I have to say that none of the points I was making depended on the testimony of west point grads. The concerns that I raised can be verified by talking to quite a few non-coms out of Al Anbar. Newsweek had a piece last month basically verifying the uneasiness that a lot of soldiers felt when dealing with ex-IED designers and planters. It may be the best way to run an occupation in al Anbar, but it hardly qualifies as hard line anti-appeasement. I mean, all Obama wants to do is TALK to folks who purportedly train or arm those who want to hurt America. Petraeus is already ready to buy off the guys who are killing American troops with cold hard cash, ammo, and guns.

The hysterical cries of LIAR are slightly comical, and I wish I could feel that my honor was somehow impugned. I guess that pisc feels that "good friends" felt suspect. Apart from anything I have personally claimed, I have to ask, if there were organized efforts to blow up you and your friends, and a few months later you were encouraged (indeed ordered) to pay off the punks responsible for the maiming and decapitation of the guys under your protection, WOULD YOU BE DOWN WITH THAT? I know I would have a few words to say about this approach.
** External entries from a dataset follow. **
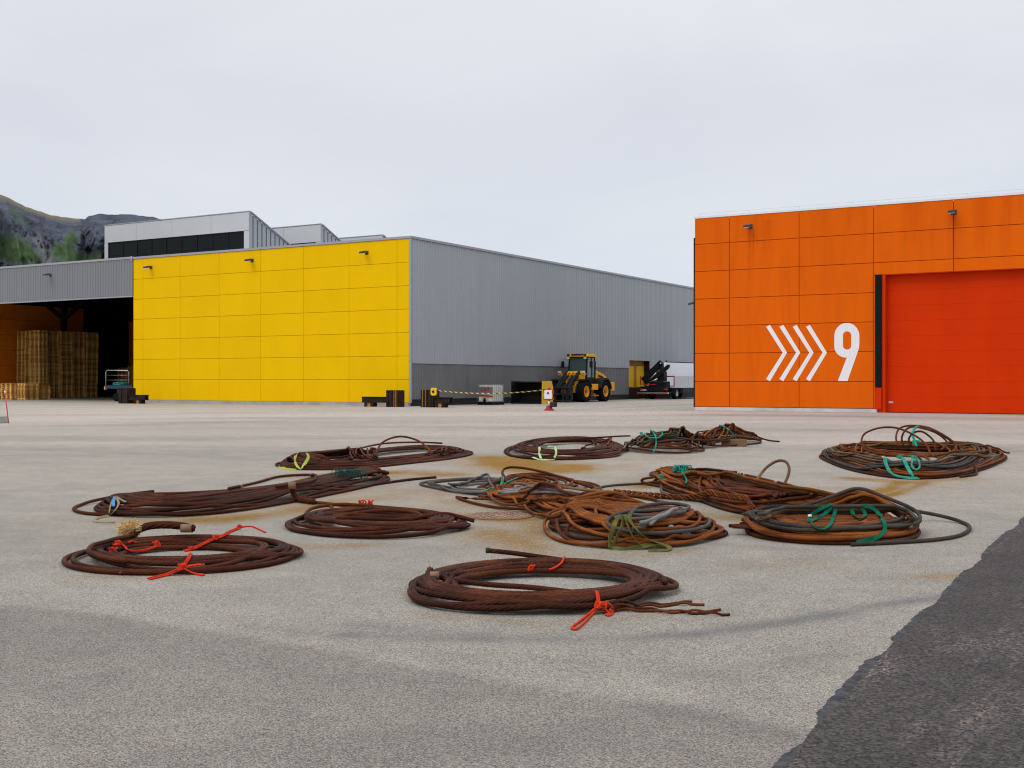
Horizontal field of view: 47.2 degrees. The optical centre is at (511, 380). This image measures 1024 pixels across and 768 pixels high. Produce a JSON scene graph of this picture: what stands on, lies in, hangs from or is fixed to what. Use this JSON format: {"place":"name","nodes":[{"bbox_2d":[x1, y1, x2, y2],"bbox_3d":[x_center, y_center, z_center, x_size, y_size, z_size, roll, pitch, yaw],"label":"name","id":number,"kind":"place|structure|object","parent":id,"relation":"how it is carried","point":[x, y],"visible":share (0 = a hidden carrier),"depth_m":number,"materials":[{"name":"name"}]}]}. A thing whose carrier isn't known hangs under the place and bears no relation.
{"place":"outdoors","nodes":[
{"label":"outdoors","id":0,"kind":"place"},
{"bbox_2d":[0,195,158,266],"bbox_3d":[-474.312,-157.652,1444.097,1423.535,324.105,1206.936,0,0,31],"label":"mountain","id":1,"kind":"structure","parent":0,"point":[28,236],"depth_m":1516.01,"materials":[{"name":"grey stone"}]},
{"bbox_2d":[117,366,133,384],"bbox_3d":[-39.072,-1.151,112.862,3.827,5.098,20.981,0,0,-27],"label":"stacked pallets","id":2,"kind":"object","parent":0,"point":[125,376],"visible":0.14,"depth_m":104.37,"materials":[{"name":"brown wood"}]},
{"bbox_2d":[0,396,1023,767],"bbox_3d":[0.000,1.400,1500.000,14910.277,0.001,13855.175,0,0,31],"label":"ground","id":3,"kind":"structure","parent":0,"point":[332,652],"depth_m":7.21,"materials":[{"name":"concrete"}]},
{"bbox_2d":[0,416,7,422],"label":"concrete block","id":4,"kind":"object","parent":3,"relation":"on","point":[3,419],"depth_m":38.79,"materials":[{"name":"white concrete"}]},
{"bbox_2d":[4,388,8,422],"bbox_3d":[-16.705,0.827,38.750,0.039,1.156,0.434,0,0,-42],"label":"marker stick","id":5,"kind":"object","parent":3,"relation":"on","point":[6,405],"visible":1,"depth_m":38.74,"materials":[{"name":"red paint"}]},
{"bbox_2d":[17,398,38,399],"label":"pallet","id":6,"kind":"object","parent":3,"relation":"on","point":[28,399],"visible":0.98,"depth_m":86.05,"materials":[{"name":"brown wood"}]},
{"bbox_2d":[18,396,38,397],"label":"pallet","id":7,"kind":"object","parent":6,"relation":"on","point":[28,397],"visible":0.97,"depth_m":86.09,"materials":[{"name":"brown wood"}]},
{"bbox_2d":[18,394,38,395],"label":"pallet","id":8,"kind":"object","parent":7,"relation":"on","point":[28,395],"visible":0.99,"depth_m":86.01,"materials":[{"name":"brown wood"}]},
{"bbox_2d":[17,392,38,393],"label":"pallet","id":9,"kind":"object","parent":8,"relation":"on","point":[27,393],"visible":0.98,"depth_m":85.91,"materials":[{"name":"brown wood"}]},
{"bbox_2d":[17,390,38,391],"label":"pallet","id":10,"kind":"object","parent":9,"relation":"on","point":[27,391],"visible":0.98,"depth_m":85.94,"materials":[{"name":"brown wood"}]},
{"bbox_2d":[17,388,38,389],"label":"pallet","id":11,"kind":"object","parent":10,"relation":"on","point":[27,389],"visible":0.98,"depth_m":85.92,"materials":[{"name":"brown wood"}]},
{"bbox_2d":[17,386,38,387],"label":"pallet","id":12,"kind":"object","parent":11,"relation":"on","point":[27,387],"visible":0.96,"depth_m":85.94,"materials":[{"name":"brown wood"}]},
{"bbox_2d":[18,383,38,385],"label":"pallet","id":13,"kind":"object","parent":12,"relation":"on","point":[31,384],"visible":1,"depth_m":85.98,"materials":[{"name":"brown wood"}]},
{"bbox_2d":[0,256,134,397],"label":"storage shed","id":14,"kind":"structure","parent":3,"relation":"on","point":[95,296],"depth_m":98.48,"materials":[{"name":"metal"}]},
{"bbox_2d":[104,370,132,400],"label":"platform trailer","id":15,"kind":"object","parent":3,"relation":"on","point":[115,395],"visible":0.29,"depth_m":79.69,"materials":[{"name":"blue paint"}]},
{"bbox_2d":[113,382,127,384],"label":"net heap","id":16,"kind":"object","parent":15,"relation":"on","point":[119,383],"visible":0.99,"depth_m":80.02,"materials":[{"name":"teal fabric"}]},
{"bbox_2d":[118,388,148,403],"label":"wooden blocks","id":17,"kind":"object","parent":3,"relation":"on","point":[127,396],"visible":1,"depth_m":72.11,"materials":[{"name":"brown wood"}]},
{"bbox_2d":[61,518,303,579],"bbox_3d":[-2.748,1.268,9.634,1.821,0.265,2.746,0,0,-24],"label":"wire rope coil","id":18,"kind":"object","parent":3,"relation":"on","point":[128,541],"visible":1,"depth_m":9.04,"materials":[{"name":"brown metal"}]},
{"bbox_2d":[72,467,436,522],"bbox_3d":[-3.227,1.268,14.448,2.163,0.265,5.998,0,0,23],"label":"wire rope coil","id":19,"kind":"object","parent":3,"relation":"on","point":[220,501],"visible":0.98,"depth_m":12.81,"materials":[{"name":"brown metal"}]},
{"bbox_2d":[275,436,472,470],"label":"wire rope coil","id":20,"kind":"object","parent":3,"relation":"on","point":[315,460],"visible":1,"depth_m":19.74,"materials":[{"name":"brown metal"}]},
{"bbox_2d":[285,482,474,538],"bbox_3d":[-1.747,1.279,11.967,1.666,0.242,3.606,0,0,-31],"label":"wire rope coil","id":21,"kind":"object","parent":3,"relation":"on","point":[381,521],"visible":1,"depth_m":11.01,"materials":[{"name":"brown metal"}]},
{"bbox_2d":[361,390,404,406],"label":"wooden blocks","id":22,"kind":"object","parent":3,"relation":"on","point":[394,398],"visible":0.96,"depth_m":62.74,"materials":[{"name":"brown wood"}]},
{"bbox_2d":[104,211,693,405],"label":"warehouse","id":23,"kind":"structure","parent":3,"relation":"on","point":[243,307],"depth_m":71.28,"materials":[{"name":"grey metal"}]},
{"bbox_2d":[629,366,643,386],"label":"door","id":24,"kind":"structure","parent":23,"relation":"in","point":[639,369],"depth_m":90.79,"materials":[{"name":"yellow paint"}]},
{"bbox_2d":[628,361,648,398],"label":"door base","id":25,"kind":"structure","parent":23,"relation":"in","point":[632,394],"depth_m":91.10,"materials":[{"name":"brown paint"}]},
{"bbox_2d":[421,390,452,407],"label":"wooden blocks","id":26,"kind":"object","parent":3,"relation":"on","point":[428,399],"visible":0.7,"depth_m":61.68,"materials":[{"name":"brown wood"}]},
{"bbox_2d":[477,384,504,404],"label":"liquid tank","id":27,"kind":"object","parent":3,"relation":"on","point":[490,399],"visible":0.88,"depth_m":68.02,"materials":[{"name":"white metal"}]},
{"bbox_2d":[465,511,532,519],"bbox_3d":[-0.132,1.392,12.127,0.710,0.014,0.710,0,0,31],"label":"manhole cover","id":28,"kind":"object","parent":3,"relation":"on","point":[499,515],"visible":0.98,"depth_m":12.08,"materials":[{"name":"metal"}]},
{"bbox_2d":[419,466,601,494],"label":"wire rope coil","id":29,"kind":"object","parent":3,"relation":"on","point":[488,482],"visible":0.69,"depth_m":15.43,"materials":[{"name":"grey metal"}]},
{"bbox_2d":[455,482,602,526],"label":"wire rope coil","id":30,"kind":"object","parent":3,"relation":"on","point":[547,496],"visible":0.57,"depth_m":12.59,"materials":[{"name":"metal"}]},
{"bbox_2d":[543,387,556,410],"bbox_3d":[1.778,0.850,55.070,0.570,1.100,0.410,0,0,31],"label":"sign post","id":31,"kind":"object","parent":3,"relation":"on","point":[549,392],"visible":1,"depth_m":54.95,"materials":[{"name":"red paint"}]},
{"bbox_2d":[431,388,547,395],"bbox_3d":[-1.223,0.564,57.956,8.256,0.400,0.183,0,0,44],"label":"barrier tape","id":32,"kind":"object","parent":31,"relation":"attached to","point":[434,391],"visible":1,"depth_m":58.78,"materials":[{"name":"yellow paint"}]},
{"bbox_2d":[504,435,629,460],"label":"wire rope coil","id":33,"kind":"object","parent":3,"relation":"on","point":[582,453],"visible":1,"depth_m":21.75,"materials":[{"name":"brown metal"}]},
{"bbox_2d":[407,547,729,630],"bbox_3d":[0.378,1.325,7.640,2.262,0.151,1.881,0,0,31],"label":"wire rope coil","id":34,"kind":"object","parent":3,"relation":"on","point":[642,582],"visible":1,"depth_m":7.37,"materials":[{"name":"brown metal"}]},
{"bbox_2d":[551,354,614,401],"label":"wheel loader","id":35,"kind":"object","parent":3,"relation":"on","point":[581,379],"visible":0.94,"depth_m":77.81,"materials":[{"name":"yellow metal"}]},
{"bbox_2d":[543,490,727,551],"bbox_3d":[1.020,1.238,10.852,1.908,0.343,2.204,0,0,31],"label":"wire rope coil","id":36,"kind":"object","parent":3,"relation":"on","point":[636,521],"visible":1,"depth_m":10.17,"materials":[{"name":"orange metal"}]},
{"bbox_2d":[623,426,704,453],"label":"wire rope coil","id":37,"kind":"object","parent":3,"relation":"on","point":[651,439],"visible":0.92,"depth_m":22.90,"materials":[{"name":"metal"}]},
{"bbox_2d":[637,360,693,398],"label":"crane truck","id":38,"kind":"object","parent":3,"relation":"on","point":[679,376],"visible":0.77,"depth_m":88.97,"materials":[{"name":"white metal"}]},
{"bbox_2d":[596,480,755,509],"bbox_3d":[1.720,1.290,13.956,1.163,0.221,4.437,0,0,-4],"label":"loose wire rope","id":39,"kind":"object","parent":3,"relation":"on","point":[730,496],"visible":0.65,"depth_m":13.58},
{"bbox_2d":[667,423,779,447],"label":"wire rope coil","id":40,"kind":"object","parent":3,"relation":"on","point":[713,436],"visible":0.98,"depth_m":24.92,"materials":[{"name":"brown metal"}]},
{"bbox_2d":[721,439,746,446],"bbox_3d":[4.744,1.325,25.053,0.528,0.145,0.160,0,0,12],"label":"timber block","id":41,"kind":"object","parent":3,"relation":"on","point":[740,442],"depth_m":24.97,"materials":[{"name":"brown wood"}]},
{"bbox_2d":[640,459,892,516],"bbox_3d":[2.718,1.189,14.342,1.884,0.423,6.586,0,0,-2],"label":"wire rope coil","id":42,"kind":"object","parent":3,"relation":"on","point":[759,488],"visible":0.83,"depth_m":13.12,"materials":[{"name":"brown metal"}]},
{"bbox_2d":[728,487,971,546],"bbox_3d":[3.212,1.205,10.791,2.478,0.391,1.770,0,0,-4],"label":"wire rope coil","id":43,"kind":"object","parent":3,"relation":"on","point":[827,521],"visible":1,"depth_m":10.47,"materials":[{"name":"brown metal"}]},
{"bbox_2d":[677,189,1023,414],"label":"orange building","id":44,"kind":"structure","parent":3,"relation":"on","point":[908,307],"depth_m":51.59,"materials":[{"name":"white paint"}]},
{"bbox_2d":[887,270,1023,413],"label":"roller door","id":45,"kind":"structure","parent":44,"relation":"in","point":[936,376],"depth_m":49.95,"materials":[{"name":"red paint"}]},
{"bbox_2d":[819,425,1009,479],"bbox_3d":[6.631,1.095,20.131,3.279,0.613,7.113,0,0,31],"label":"wire rope coil","id":46,"kind":"object","parent":3,"relation":"on","point":[956,457],"visible":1,"depth_m":19.41,"materials":[{"name":"brown metal"}]},
{"bbox_2d":[0,0,1023,286],"label":"sky","id":47,"kind":"structure","parent":0,"point":[593,134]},
{"bbox_2d":[511,381,552,403],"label":"loader bucket","id":48,"kind":"object","parent":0,"point":[535,397],"visible":0.78,"depth_m":71.88,"materials":[{"name":"black metal"}]},
{"bbox_2d":[772,517,1023,767],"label":"road","id":49,"kind":"structure","parent":0,"point":[940,684],"depth_m":5.23,"materials":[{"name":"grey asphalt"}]},
{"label":"pallet","id":50,"kind":"object","parent":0,"visible":0},
{"bbox_2d":[30,381,47,382],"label":"pallet","id":51,"kind":"object","parent":50,"relation":"on","point":[39,381],"visible":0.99,"depth_m":96.12,"materials":[{"name":"brown wood"}]},
{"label":"pallet","id":52,"kind":"object","parent":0,"visible":0},
{"bbox_2d":[30,378,47,379],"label":"pallet","id":53,"kind":"object","parent":52,"relation":"on","point":[38,379],"visible":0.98,"depth_m":96.14,"materials":[{"name":"brown wood"}]},
{"bbox_2d":[30,376,47,377],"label":"pallet","id":54,"kind":"object","parent":53,"relation":"on","point":[38,377],"visible":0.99,"depth_m":96.12,"materials":[{"name":"brown wood"}]},
{"bbox_2d":[30,374,47,375],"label":"pallet","id":55,"kind":"object","parent":54,"relation":"on","point":[38,374],"visible":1,"depth_m":96.19,"materials":[{"name":"brown wood"}]},
{"bbox_2d":[30,372,47,373],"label":"pallet","id":56,"kind":"object","parent":55,"relation":"on","point":[38,372],"visible":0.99,"depth_m":96.13,"materials":[{"name":"brown wood"}]},
{"bbox_2d":[30,370,47,371],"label":"pallet","id":57,"kind":"object","parent":56,"relation":"on","point":[38,370],"visible":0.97,"depth_m":96.13,"materials":[{"name":"brown wood"}]},
{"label":"pallet","id":58,"kind":"object","parent":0,"visible":0},
{"bbox_2d":[30,367,47,368],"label":"pallet","id":59,"kind":"object","parent":58,"relation":"on","point":[38,368],"visible":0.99,"depth_m":96.14,"materials":[{"name":"brown wood"}]},
{"bbox_2d":[30,365,47,366],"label":"pallet","id":60,"kind":"object","parent":59,"relation":"on","point":[38,365],"visible":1,"depth_m":96.10,"materials":[{"name":"brown wood"}]},
{"bbox_2d":[30,363,47,364],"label":"pallet","id":61,"kind":"object","parent":60,"relation":"on","point":[39,363],"visible":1,"depth_m":96.17,"materials":[{"name":"brown wood"}]},
{"bbox_2d":[30,361,47,362],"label":"pallet","id":62,"kind":"object","parent":61,"relation":"on","point":[38,361],"visible":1,"depth_m":96.13,"materials":[{"name":"brown wood"}]},
{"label":"pallet","id":63,"kind":"object","parent":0,"visible":0},
{"bbox_2d":[30,356,47,357],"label":"pallet","id":64,"kind":"object","parent":63,"relation":"on","point":[38,357],"visible":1,"depth_m":96.19,"materials":[{"name":"brown wood"}]},
{"bbox_2d":[30,354,47,355],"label":"pallet","id":65,"kind":"object","parent":64,"relation":"on","point":[38,354],"visible":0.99,"depth_m":96.15,"materials":[{"name":"brown wood"}]},
{"bbox_2d":[30,352,47,353],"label":"pallet","id":66,"kind":"object","parent":65,"relation":"on","point":[38,352],"visible":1,"depth_m":96.13,"materials":[{"name":"brown wood"}]},
{"bbox_2d":[30,350,47,351],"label":"pallet","id":67,"kind":"object","parent":66,"relation":"on","point":[39,350],"visible":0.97,"depth_m":96.10,"materials":[{"name":"brown wood"}]},
{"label":"pallet","id":68,"kind":"object","parent":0,"visible":0},
{"bbox_2d":[30,345,46,346],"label":"pallet","id":69,"kind":"object","parent":68,"relation":"on","point":[38,345],"visible":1,"depth_m":96.21,"materials":[{"name":"brown wood"}]},
{"bbox_2d":[29,343,46,344],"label":"pallet","id":70,"kind":"object","parent":69,"relation":"on","point":[37,343],"visible":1,"depth_m":96.23,"materials":[{"name":"brown wood"}]},
{"bbox_2d":[30,341,46,342],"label":"pallet","id":71,"kind":"object","parent":70,"relation":"on","point":[38,341],"visible":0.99,"depth_m":96.25,"materials":[{"name":"brown wood"}]},
{"bbox_2d":[30,339,47,340],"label":"pallet","id":72,"kind":"object","parent":71,"relation":"on","point":[38,339],"visible":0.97,"depth_m":96.16,"materials":[{"name":"brown wood"}]},
{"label":"pallet","id":73,"kind":"object","parent":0,"visible":0},
{"bbox_2d":[30,334,47,335],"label":"pallet","id":74,"kind":"object","parent":73,"relation":"on","point":[38,334],"visible":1,"depth_m":96.26,"materials":[{"name":"brown wood"}]},
{"bbox_2d":[29,332,46,333],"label":"pallet","id":75,"kind":"object","parent":74,"relation":"on","point":[37,332],"visible":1,"depth_m":96.22,"materials":[{"name":"brown wood"}]},
{"bbox_2d":[30,330,46,331],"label":"pallet","id":76,"kind":"object","parent":75,"relation":"on","point":[38,330],"visible":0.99,"depth_m":96.21,"materials":[{"name":"brown wood"}]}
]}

As it happens, though I rejected completely the invasion of Iraq, and was arrested and spent 22 hours in the tombs of 1 police plaza for my trouble (big whoop, all things considered), I am "good friends" with these USMA grads. They are close family friends. My family has known them since they were in Kindergarten. My wife babysat them when she was in high school, they spent many a weekend with our family in NYC as they took the train down from Garrison or Peekskill. They are not eager to talk politics, but the disillusionment they feel is right in keeping with the sentiments that Simon or any number of other commentators report about the officer corps in the decade since the millennium.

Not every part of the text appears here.